Face aux vives critiques formulées contre l'avant-projet de loi de sécurité intérieure (1), qui devrait être présenté en conseil des ministres le 23 octobre, Nicolas Sarkozy a, semble-t-il, accepté de nouer le dialogue avec les associations. En tout cas avec certaines d'entre elles : le 14 octobre, cinq grandes organisations caritatives - ATD quart monde, l'Entraide protestante, le Secours catholique, l'Armée du salut et Emmaüs France - ont été conviées place Beauvau où elles ont pu prendre connaissance du projet de loi, tel qu'il a été présenté au Conseil d'Etat début octobre. « Le ministre a accepté le principe de nous rencontrer régulièrement et de recevoir des amendements de notre part, rapporte David Berly, vice-président de l'Entraide protestante. Et, une fois le texte voté, d'organiser des rencontres trimestrielles d'évaluation avec les responsables associatifs et les responsables de la police et de la gendarmerie. »
Les associations, qui veulent continuer de se mobiliser collectivement, se rencontreront dès la semaine prochaine, au sein du collectif Alerte (2), afin de rédiger leurs propositions. Car le texte qui leur a été remis les a peu convaincues. Depuis le document de travail dont les dispositions visant notamment les squatters, les gens du voyage, les personnes prostituées et les mendiants avaient été, en septembre, divulguées dans la presse, seul l'article rétablissant le délit de mendicité a été corrigé de manière sensible. Selon la dernière mouture du texte, sont considérées comme des infractions « l'exploitation de la men- dicité » et la « demande de fonds sous contrainte ». Passible d'une peine de six mois d'emprisonnement et de 7 500 € d'amende, cette dernière est caractérisée par « le fait, en réunion et de manière agressive ou sous la menace d'animaux dangereux, de solliciter la remise de fonds, de valeurs ou d'un bien ».

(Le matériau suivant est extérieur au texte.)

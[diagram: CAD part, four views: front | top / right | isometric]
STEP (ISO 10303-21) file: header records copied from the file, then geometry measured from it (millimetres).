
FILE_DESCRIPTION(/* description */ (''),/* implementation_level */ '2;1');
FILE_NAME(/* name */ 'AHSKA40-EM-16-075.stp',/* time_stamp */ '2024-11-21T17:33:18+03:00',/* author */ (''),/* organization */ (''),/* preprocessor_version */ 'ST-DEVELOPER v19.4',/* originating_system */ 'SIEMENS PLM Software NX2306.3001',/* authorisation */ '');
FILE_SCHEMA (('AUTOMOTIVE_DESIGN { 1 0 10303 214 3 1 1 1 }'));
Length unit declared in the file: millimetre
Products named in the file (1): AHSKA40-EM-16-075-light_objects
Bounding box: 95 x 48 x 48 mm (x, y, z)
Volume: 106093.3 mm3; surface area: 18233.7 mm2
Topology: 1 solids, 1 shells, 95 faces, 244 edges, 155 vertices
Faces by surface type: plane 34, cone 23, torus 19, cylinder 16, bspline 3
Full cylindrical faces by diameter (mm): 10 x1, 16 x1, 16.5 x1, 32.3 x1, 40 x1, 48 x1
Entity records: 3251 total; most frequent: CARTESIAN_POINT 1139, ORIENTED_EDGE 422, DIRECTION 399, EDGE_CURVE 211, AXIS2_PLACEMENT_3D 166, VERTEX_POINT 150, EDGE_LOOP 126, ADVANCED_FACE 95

Pour le reste, les craintes associatives demeurent d'actualité. Le collectif Alerte - qui rappelle d'ailleurs que la mendicité réellement agressive peut déjà, en l'état actuel du code pénal, être sanctionnée, par exemple pour « voie de fait » - demande « solennellement au chef de l'Etat et au Premier ministre » de retirer du projet les dispositions visant l'ensemble des publics fragilisés. « Est-ce en créant un délit de prostitution qu'on mettra fin à celle-ci ? [...] Les squatters [...] trouveront- ils à leur sortie de prison à se loger, alors qu'il manque en France un million de logements pour que chacun ait un toit ? », interroge-t-il, se demandant aussi s'il est juste de faire peser sur les gens du voyage une condamnation pénale pour installation sur la propriété d'autrui, « alors que deux lois successives qui obligent les municipalités à créer des aires d'accueil ne sont pas respectées ». Sans qu'il soit, d'ailleurs, question de sanctions à l'encontre des communes n'appliquant pas ces textes...
(1) Voir ASH n° 2279 du 4-10-02.
(2) Alerte c/o Uniopss : 133, rue Saint-Maur - 75011 Paris - Tél. 01 53 36 35 00.